I've been trying to parse an XML feed into a Pandas dataframe and can't work out where I'm going wrong. 我一直在尝试将XML提要解析为Pandas数据帧,但无法找出我要去哪里。

import pandas as pd
import requests
import lxml.objectify
path = "http://www2.cineworld.co.uk/syndication/listings.xml"

xml = lxml.objectify.parse(path)
root = xml.getroot()

The next bit of code is to parse through the bits I want and create a list of show dictionaries. 代码的下一部分是解析我想要的部分,并创建显示词典列表。

shows_list = []
for r in root.cinema:
    rec = {}
    rec['name'] = r.attrib['name']
    rec['info'] = r.attrib["root"] + r.attrib['url']
    listing = r.find("listing")
    for f in listing.film:
        film = rec
        film['title'] = f.attrib['title']
        film['rating'] = f.attrib['rating']
        shows = f.find("shows")
        for s in shows['show']:
            show = rec
            show['time'] = s.attrib['time']
            show['url'] = s.attrib['url']
            #print show
            shows_list.append(rec)

df = pd.DataFrame(show_list)

When I run the code, the film and time field seems to be replicated multiple times within rows. 当我运行代码时,电影和时间字段似乎在行中被多次复制。 However, if I put a print statement into the code (it's commented out), the dictionaries appear to as I would expect. 但是,如果我在代码中添加了一条打印语句(已将其注释掉),则字典将如我所愿。
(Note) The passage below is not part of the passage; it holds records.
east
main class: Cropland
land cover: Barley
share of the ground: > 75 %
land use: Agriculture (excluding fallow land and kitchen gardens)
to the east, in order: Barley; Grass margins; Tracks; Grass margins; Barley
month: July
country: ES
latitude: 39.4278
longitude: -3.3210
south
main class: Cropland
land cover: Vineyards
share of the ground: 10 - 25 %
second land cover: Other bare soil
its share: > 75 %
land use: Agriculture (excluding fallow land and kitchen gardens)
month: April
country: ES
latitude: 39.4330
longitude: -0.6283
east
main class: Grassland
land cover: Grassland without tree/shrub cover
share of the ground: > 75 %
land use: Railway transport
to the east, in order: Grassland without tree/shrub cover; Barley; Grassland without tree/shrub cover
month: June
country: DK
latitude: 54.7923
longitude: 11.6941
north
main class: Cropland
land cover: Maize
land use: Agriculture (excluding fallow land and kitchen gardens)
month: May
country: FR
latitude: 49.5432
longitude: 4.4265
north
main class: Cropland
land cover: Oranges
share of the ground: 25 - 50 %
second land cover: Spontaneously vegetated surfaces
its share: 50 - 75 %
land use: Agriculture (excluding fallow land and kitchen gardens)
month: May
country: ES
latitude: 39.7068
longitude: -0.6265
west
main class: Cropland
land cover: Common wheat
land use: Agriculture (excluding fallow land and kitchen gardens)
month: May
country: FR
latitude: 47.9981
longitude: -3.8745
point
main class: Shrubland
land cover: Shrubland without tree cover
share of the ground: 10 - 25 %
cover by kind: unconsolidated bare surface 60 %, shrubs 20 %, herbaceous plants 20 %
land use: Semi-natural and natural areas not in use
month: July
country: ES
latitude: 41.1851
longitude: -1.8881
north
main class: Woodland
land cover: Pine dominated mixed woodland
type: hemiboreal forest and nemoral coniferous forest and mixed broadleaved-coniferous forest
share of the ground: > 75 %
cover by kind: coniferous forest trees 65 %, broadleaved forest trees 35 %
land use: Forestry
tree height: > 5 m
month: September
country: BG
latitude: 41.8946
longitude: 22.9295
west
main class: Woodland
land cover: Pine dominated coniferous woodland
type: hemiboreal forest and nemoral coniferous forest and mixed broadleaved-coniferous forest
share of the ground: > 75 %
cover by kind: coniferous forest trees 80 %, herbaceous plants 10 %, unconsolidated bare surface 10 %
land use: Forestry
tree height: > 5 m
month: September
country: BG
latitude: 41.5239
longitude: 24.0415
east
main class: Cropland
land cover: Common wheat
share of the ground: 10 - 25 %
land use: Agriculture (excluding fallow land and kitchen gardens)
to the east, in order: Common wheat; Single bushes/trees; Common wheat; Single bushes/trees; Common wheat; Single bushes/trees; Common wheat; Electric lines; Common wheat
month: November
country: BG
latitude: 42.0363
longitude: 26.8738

What am I doing wrong? 我究竟做错了什么? Please feel free to let me know if there's a more pythonic way of doing the parsing process. 请随时让我知道是否还有更Python化的解析过程。

EDIT: To clarify: 编辑:澄清:

These are the last five rows of the data if I use a print statement to check what's happening as I loop through. 如果我使用print语句检查遍历时发生的情况,则这些是数据的最后五行。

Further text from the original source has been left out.